# [Data provided]
━━━━━━━━━━━━━━━━━━━━━━━━━━━━━━

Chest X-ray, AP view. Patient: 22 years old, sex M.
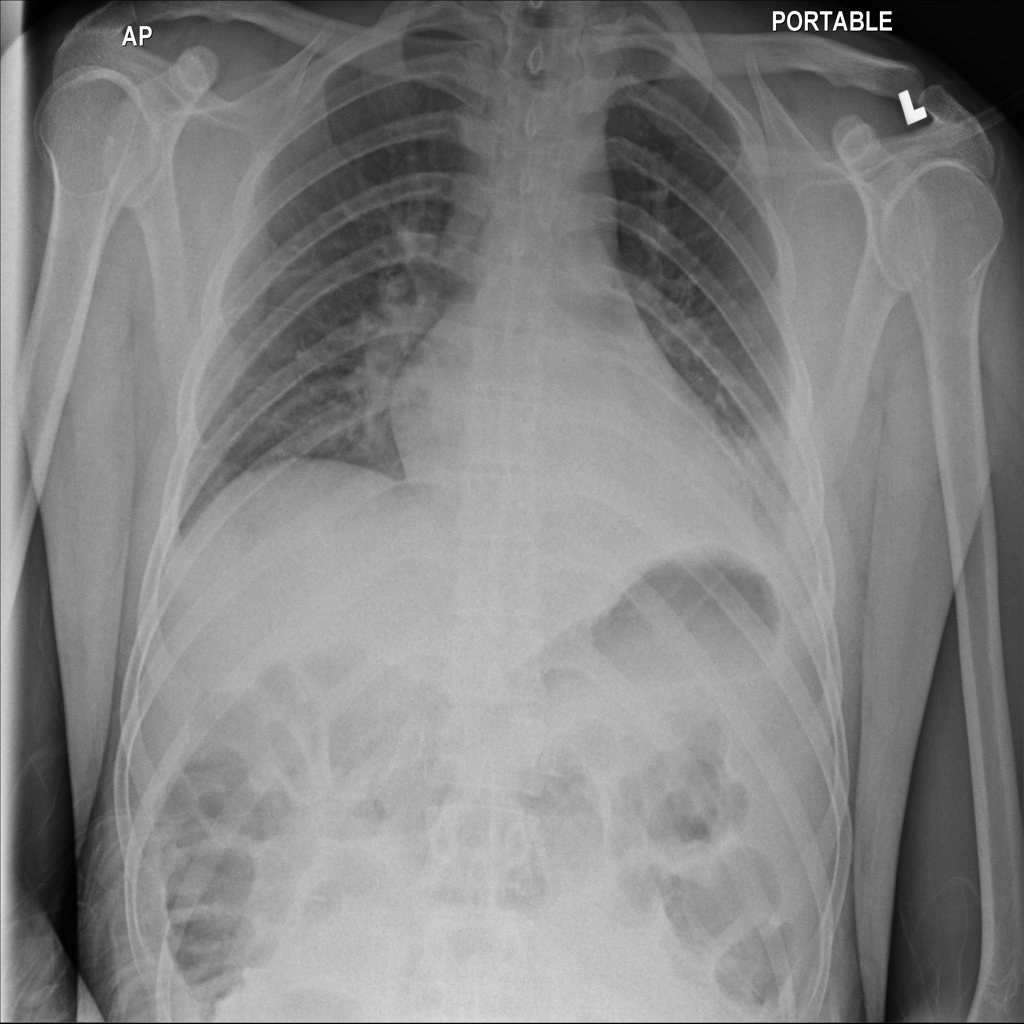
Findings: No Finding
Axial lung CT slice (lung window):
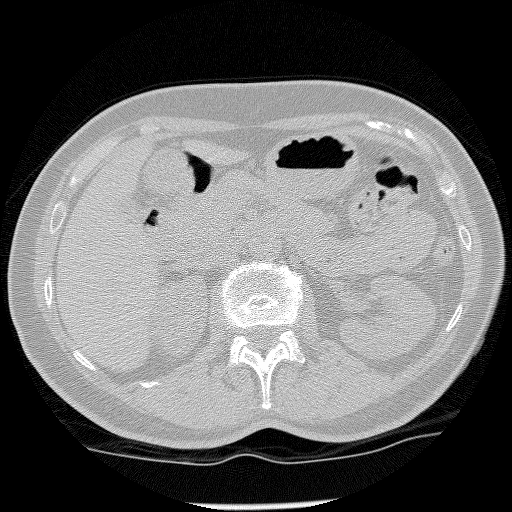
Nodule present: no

━━━━━━━━━━━━━━━━━━━━━━━━━━━━━━

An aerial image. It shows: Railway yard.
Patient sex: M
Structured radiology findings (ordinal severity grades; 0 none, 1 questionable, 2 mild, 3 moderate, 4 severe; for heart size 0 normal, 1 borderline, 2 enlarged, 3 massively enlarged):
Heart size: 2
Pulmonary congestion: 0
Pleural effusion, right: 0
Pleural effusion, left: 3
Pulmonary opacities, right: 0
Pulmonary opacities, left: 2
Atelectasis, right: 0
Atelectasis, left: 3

━━━━━━━━━━━━━━━━━━━━━━━━━━━━━━

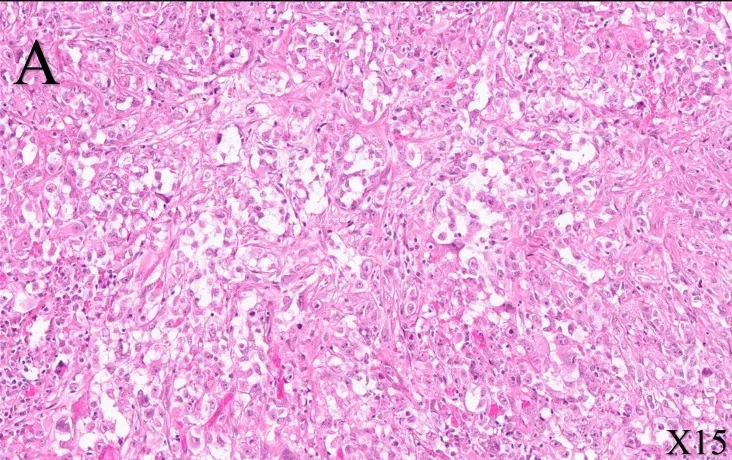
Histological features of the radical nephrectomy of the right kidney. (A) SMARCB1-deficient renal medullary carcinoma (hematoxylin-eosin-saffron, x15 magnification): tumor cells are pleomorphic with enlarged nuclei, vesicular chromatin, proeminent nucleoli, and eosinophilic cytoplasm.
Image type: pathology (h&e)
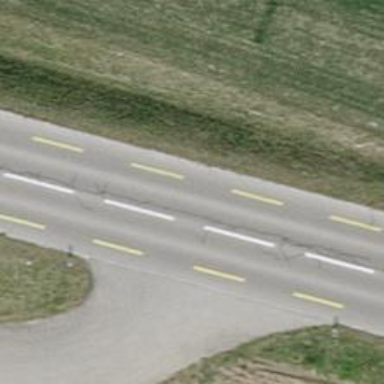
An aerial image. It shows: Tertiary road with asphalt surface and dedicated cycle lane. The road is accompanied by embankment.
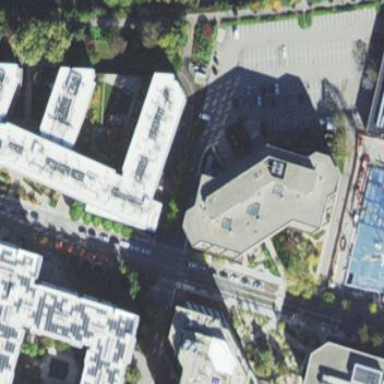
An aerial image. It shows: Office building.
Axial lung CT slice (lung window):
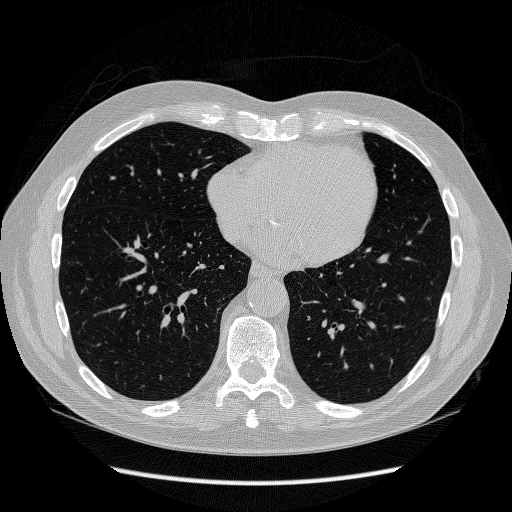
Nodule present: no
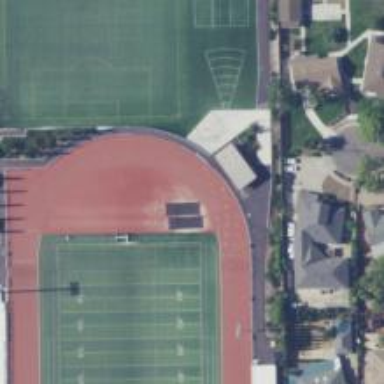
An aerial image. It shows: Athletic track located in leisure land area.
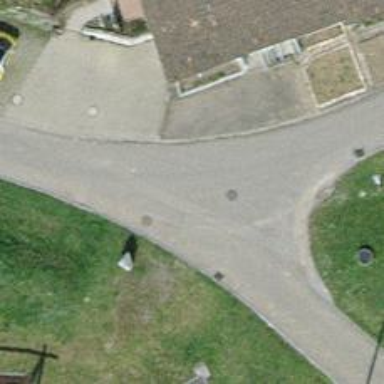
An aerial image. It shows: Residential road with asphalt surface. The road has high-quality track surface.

━━━━━━━━━━━━━━━━━━━━━━━━━━━━━━

Look through the entries above, find each line containing "asphalt", and copy it.

# [Task result]
An aerial image. It shows: Tertiary road with asphalt surface and dedicated cycle lane. The road is accompanied by embankment.
An aerial image. It shows: Residential road with asphalt surface. The road has high-quality track surface.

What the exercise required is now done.